À l’obscurissime pénombre.
Le moindrissime dans l’obscurissisme pénombre.
L’ultime pénombre. Le moindrissime dans l’ultime pénombre.
Pire inempirable.
Samuel Beckett, Cap au pire, 1982
JEUX DE LUMIÈRE, correspondances de signes ou de significations sont les ingrédients habituels de la mise en scène de notre critique de l’usage des chiffres dans le débat public.
Au spectacle pour ce programme, notre héros favori, le pourcentage et tous les mauvais tours qu’il joue à ses utilisateurs maladroits en calcul sinon malhabiles en manipulations statistiques. Gagner dix points au twittoscope en se trompant de vingt points dans un écart en pour cent, serait-ce une nouvelle recette de communiquant ? Quand la frontière est franchie, plus de limite, « cap au pire, au pire inempirable… »
Pourquoi critiquer ainsi les maladresses relevées dans les médias, dans les campagnes de presse bien intentionnées des organismes gouvernementaux, dans les rapports d’experts supposés garantir le public contre l’ignorance ou la tromperie ? « Ne pas demander. Non. Demander en vain. Mieux plus mal ainsi. » Un jugement féroce mais lucide ?
Si la vérité n’est qu’une ombre prête à se livrer au plus offrant, faut-il s’en tenir à la rhétorique chiffrée de la communication et remonter à la source où elle serait née, la publicité ? Alors renonçons à faire la lumière sur les milliers de milliards d’euros, qu’ils soient partis en fumée ou à trouver dans le bas de laine des contribuables… Pour notre salut, débusquons les âneries chiffrées dans les étiquettes de composition de nos produits alimentaires, ne lisons plus que la pub dans nos magazines, plus rien à perdre pour ce qu’il y a dans le reste… « Ne pas demander si disparition se peut. Dire non. »

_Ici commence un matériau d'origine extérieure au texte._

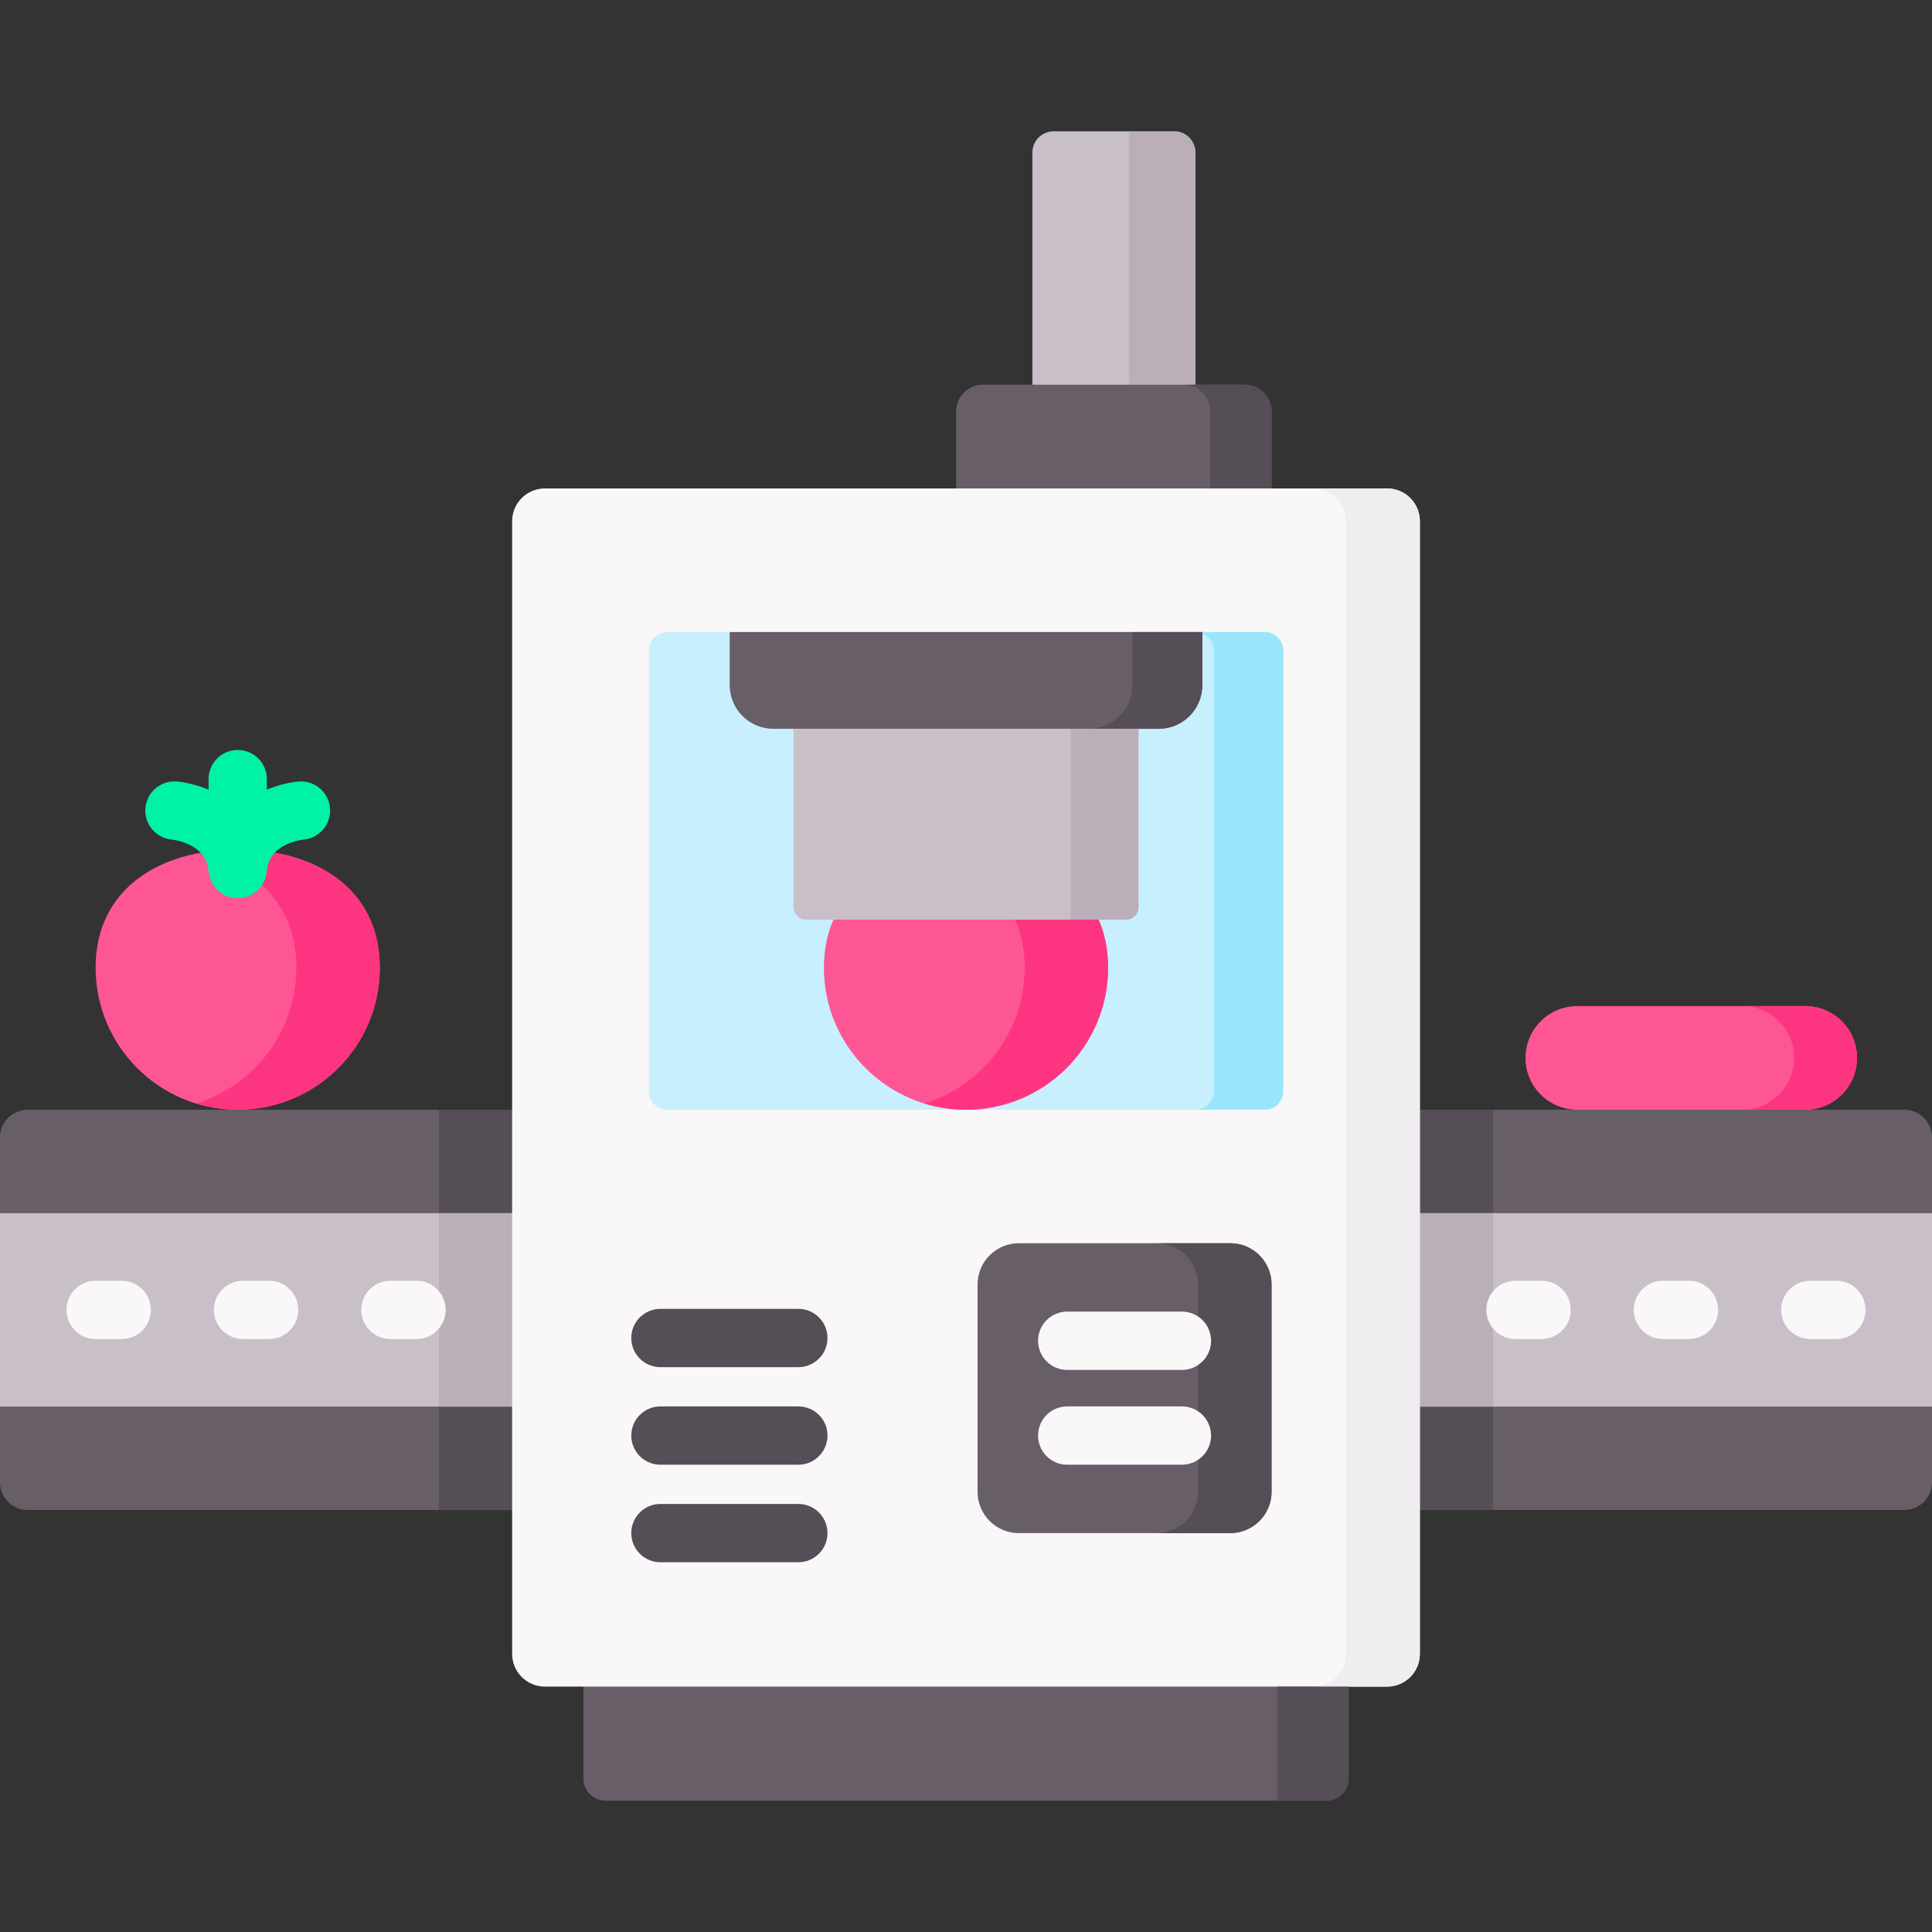 <svg id="Capa_1" enable-background="new 0 0 512 512" height="512" viewBox="0 0 512 512" width="512" xmlns="http://www.w3.org/2000/svg"><rect x="0" y="0" width="512" height="512" fill="#333333" stroke="none"/><g><path d="m311.175 34.807h-31.978c-3.095 0-5.605 2.509-5.605 5.605v71.838h43.188v-71.838c0-3.095-2.51-5.605-5.605-5.605z" fill="#c9bfc8"/><path d="m299.161 34.807v67.141h17.618v-61.536c0-3.095-2.509-5.605-5.605-5.605z" fill="#baafb9"/><path d="m336.978 139.744h-83.584v-30.708c0-3.914 3.173-7.087 7.087-7.087h69.41c3.914 0 7.087 3.173 7.087 7.087z" fill="#685e68"/><path d="m329.891 101.949h-16.256c3.914 0 7.087 3.173 7.087 7.087v20.406h16.256v-20.406c0-3.914-3.173-7.087-7.087-7.087z" fill="#554e56"/><path d="m135.721 400.172h-128.362c-4.064 0-7.359-3.295-7.359-7.359v-91.362c0-4.064 3.295-7.359 7.359-7.359h128.362l39.301 55.554z" fill="#685e68"/><path d="m116.337 294.092h19.385v106.08h-19.385z" fill="#554e56"/><path d="m0 321.5h135.721v51.263h-135.721z" fill="#c9bfc8"/><path d="m116.337 321.5h19.385v51.263h-19.385z" fill="#baafb9"/><g><g><path d="m32.252 354.858h-6.909c-4.268 0-7.726-3.459-7.726-7.726s3.459-7.726 7.726-7.726h6.909c4.268 0 7.726 3.459 7.726 7.726s-3.458 7.726-7.726 7.726z" fill="#f9f7f8"/></g><g><path d="m71.316 354.858h-6.909c-4.268 0-7.726-3.459-7.726-7.726s3.459-7.726 7.726-7.726h6.909c4.268 0 7.726 3.459 7.726 7.726s-3.459 7.726-7.726 7.726z" fill="#f9f7f8"/></g><g><path d="m110.378 354.858h-6.909c-4.268 0-7.726-3.459-7.726-7.726s3.459-7.726 7.726-7.726h6.909c4.268 0 7.726 3.459 7.726 7.726s-3.458 7.726-7.726 7.726z" fill="#f9f7f8"/></g></g><path d="m100.65 256.438c0 20.796-16.858 37.654-37.654 37.654s-37.654-16.858-37.654-37.654 16.858-31.302 37.654-31.302 37.654 10.506 37.654 31.302z" fill="#fe5694"/><path d="m62.997 225.136c-3.847 0-7.558.362-11.053 1.079 15.401 3.162 26.6 13.274 26.6 30.223s-11.199 31.279-26.6 36.002c3.496 1.072 7.206 1.652 11.053 1.652 20.796 0 37.654-16.858 37.654-37.654-.001-20.796-16.859-31.302-37.654-31.302z" fill="#fd3581"/><path d="m87.448 214.074c-.405-4.246-4.177-7.37-8.424-6.96-2.306.219-5.262.891-8.302 2.159v-2.804c0-4.268-3.459-7.726-7.726-7.726s-7.726 3.459-7.726 7.726v2.804c-3.039-1.268-5.996-1.94-8.302-2.159-4.24-.407-8.019 2.711-8.424 6.96-.403 4.247 2.712 8.019 6.961 8.423.375.036 9.202.961 9.789 8.396.317 4.02 3.67 7.12 7.702 7.12s7.385-3.1 7.702-7.12c.551-6.994 8.307-8.226 9.789-8.396 4.249-.404 7.365-4.176 6.961-8.423z" fill="#00f2a6"/><path d="m376.279 294.092h128.362c4.064 0 7.359 3.295 7.359 7.359v91.362c0 4.064-3.295 7.359-7.359 7.359h-128.362l-19.596-53.04z" fill="#685e68"/><path d="m376.279 294.092h19.385v106.08h-19.385z" fill="#554e56"/><path d="m376.279 321.5h135.721v51.263h-135.721z" fill="#c9bfc8" transform="matrix(-1 0 0 -1 888.279 694.263)"/><path d="m376.279 321.5h19.385v51.263h-19.385z" fill="#baafb9"/><g><g><path d="m486.657 354.858h-6.908c-4.268 0-7.726-3.459-7.726-7.726s3.459-7.726 7.726-7.726h6.908c4.268 0 7.726 3.459 7.726 7.726s-3.459 7.726-7.726 7.726z" fill="#f9f7f8"/></g><g><path d="m447.594 354.858h-6.909c-4.268 0-7.726-3.459-7.726-7.726s3.459-7.726 7.726-7.726h6.909c4.268 0 7.726 3.459 7.726 7.726s-3.458 7.726-7.726 7.726z" fill="#f9f7f8"/></g><g><path d="m408.531 354.858h-6.908c-4.268 0-7.726-3.459-7.726-7.726s3.459-7.726 7.726-7.726h6.908c4.268 0 7.726 3.459 7.726 7.726s-3.459 7.726-7.726 7.726z" fill="#f9f7f8"/></g></g><path d="m478.398 294.092h-60.393c-7.584 0-13.733-6.148-13.733-13.733 0-7.584 6.148-13.733 13.733-13.733h60.393c7.584 0 13.733 6.148 13.733 13.733 0 7.584-6.148 13.733-13.733 13.733z" fill="#fe5694"/><path d="m478.398 266.626h-16.672c7.584 0 13.733 6.148 13.733 13.733 0 7.584-6.148 13.733-13.733 13.733h16.672c7.584 0 13.733-6.148 13.733-13.733 0-7.584-6.148-13.733-13.733-13.733z" fill="#fd3581"/><path d="m357.395 429.036h-202.79v42.279c0 3.246 2.632 5.878 5.878 5.878h191.033c3.246 0 5.878-2.632 5.878-5.878v-42.279z" fill="#685e68"/><path d="m376.279 438.291c0 4.794-3.887 8.681-8.681 8.681h-223.196c-4.795 0-8.681-3.887-8.681-8.681v-300.168c0-4.794 3.887-8.681 8.681-8.681h223.195c4.794 0 8.681 3.887 8.681 8.681v300.168z" fill="#f9f7f8"/><path d="m376.279 138.123c0-4.794-3.887-8.681-8.681-8.681h-19.596c4.794 0 8.681 3.887 8.681 8.681v300.167c0 4.795-3.887 8.681-8.681 8.681h19.596c4.795 0 8.681-3.887 8.681-8.681z" fill="#efedef"/><path d="m338.511 446.972v30.221h13.006c3.246 0 5.878-2.632 5.878-5.878v-24.343z" fill="#554e56"/><g><path d="m340.068 289.159c0 2.724-2.208 4.932-4.932 4.932h-158.272c-2.724 0-4.932-2.208-4.932-4.932v-116.724c0-2.724 2.208-4.932 4.932-4.932h158.272c2.724 0 4.932 2.208 4.932 4.932z" fill="#c8effe"/><path d="m340.068 172.435c0-2.724-2.208-4.933-4.932-4.933h-18.356c2.724 0 4.932 2.208 4.932 4.933v116.725c0 2.724-2.208 4.932-4.932 4.932h18.357c2.724 0 4.932-2.208 4.932-4.932v-116.725z" fill="#99e6fc"/></g><path d="m326.033 406.288h-56.023c-6.045 0-10.945-4.9-10.945-10.945v-54.931c0-6.045 4.9-10.945 10.945-10.945h56.023c6.045 0 10.945 4.9 10.945 10.945v54.931c0 6.044-4.9 10.945-10.945 10.945z" fill="#685e68"/><path d="m326.033 329.466h-19.507c6.045 0 10.945 4.9 10.945 10.945v54.931c0 6.045-4.9 10.945-10.945 10.945h19.507c6.045 0 10.945-4.9 10.945-10.945v-54.931c0-6.044-4.9-10.945-10.945-10.945z" fill="#554e56"/><g><g><path d="m313.219 363.043h-30.395c-4.268 0-7.726-3.459-7.726-7.726s3.459-7.726 7.726-7.726h30.395c4.268 0 7.726 3.459 7.726 7.726s-3.458 7.726-7.726 7.726z" fill="#f9f7f8"/></g><g><path d="m313.219 388.165h-30.395c-4.268 0-7.726-3.459-7.726-7.726 0-4.268 3.459-7.726 7.726-7.726h30.395c4.268 0 7.726 3.459 7.726 7.726s-3.458 7.726-7.726 7.726z" fill="#f9f7f8"/></g></g><path d="m307.069 193.134h-102.138c-6.38 0-11.553-5.172-11.553-11.553v-14.079h125.243v14.079c0 6.381-5.172 11.553-11.552 11.553z" fill="#685e68"/><path d="m300.082 167.502v14.079c0 6.381-5.172 11.553-11.553 11.553h18.54c6.38 0 11.553-5.172 11.553-11.553v-14.079z" fill="#554e56"/><g><path d="m293.654 256.438c0 20.796-16.858 37.654-37.654 37.654s-37.654-16.858-37.654-37.654 16.858-31.302 37.654-31.302 37.654 10.506 37.654 31.302z" fill="#fe5694"/><path d="m256 225.136c-3.847 0-7.558.362-11.053 1.079 15.401 3.162 26.6 13.274 26.6 30.223s-11.199 31.279-26.6 36.002c3.496 1.072 7.206 1.652 11.053 1.652 20.796 0 37.654-16.858 37.654-37.654s-16.858-31.302-37.654-31.302z" fill="#fd3581"/></g><path d="m301.708 240.394c0 1.835-1.487 3.322-3.322 3.322h-84.772c-1.835 0-3.322-1.488-3.322-3.322v-47.26h91.417v47.26z" fill="#c9bfc8"/><path d="m283.765 193.134v50.583h14.621c1.835 0 3.322-1.488 3.322-3.322v-47.26h-17.943z" fill="#baafb9"/><g><g><path d="m211.567 414.015h-36.545c-4.268 0-7.726-3.459-7.726-7.726 0-4.268 3.459-7.726 7.726-7.726h36.545c4.268 0 7.726 3.459 7.726 7.726s-3.458 7.726-7.726 7.726z" fill="#554e56"/></g><g><path d="m211.567 388.165h-36.545c-4.268 0-7.726-3.459-7.726-7.726 0-4.268 3.459-7.726 7.726-7.726h36.545c4.268 0 7.726 3.459 7.726 7.726s-3.458 7.726-7.726 7.726z" fill="#554e56"/></g><g><path d="m211.567 362.314h-36.545c-4.268 0-7.726-3.459-7.726-7.726 0-4.268 3.459-7.726 7.726-7.726h36.545c4.268 0 7.726 3.459 7.726 7.726 0 4.268-3.458 7.726-7.726 7.726z" fill="#554e56"/></g></g></g></svg>

Ce numéro de la Lettre d’information de Pénombre emprunte beaucoup à la pulp, les illustrations bien sûr, mais aussi un climat qui finit par imposer un style, nos textes formant alors un recueil de sales blagues de comptoir statistiques. Celles que nous entendons raconter et que nous ne pouvons pas ignorer. Désolés de tomber à ce niveau.
Cauchemar allégorique de lui-même ce numéro pulp, pour changer un peu, pour tromper l’ennui sur le quai de la gare en attendant un numéro spécial trains, tramways et autres transports publics. Sous le signe de la déconstruction du nombre où chacun ne parlera que par la voix de tous.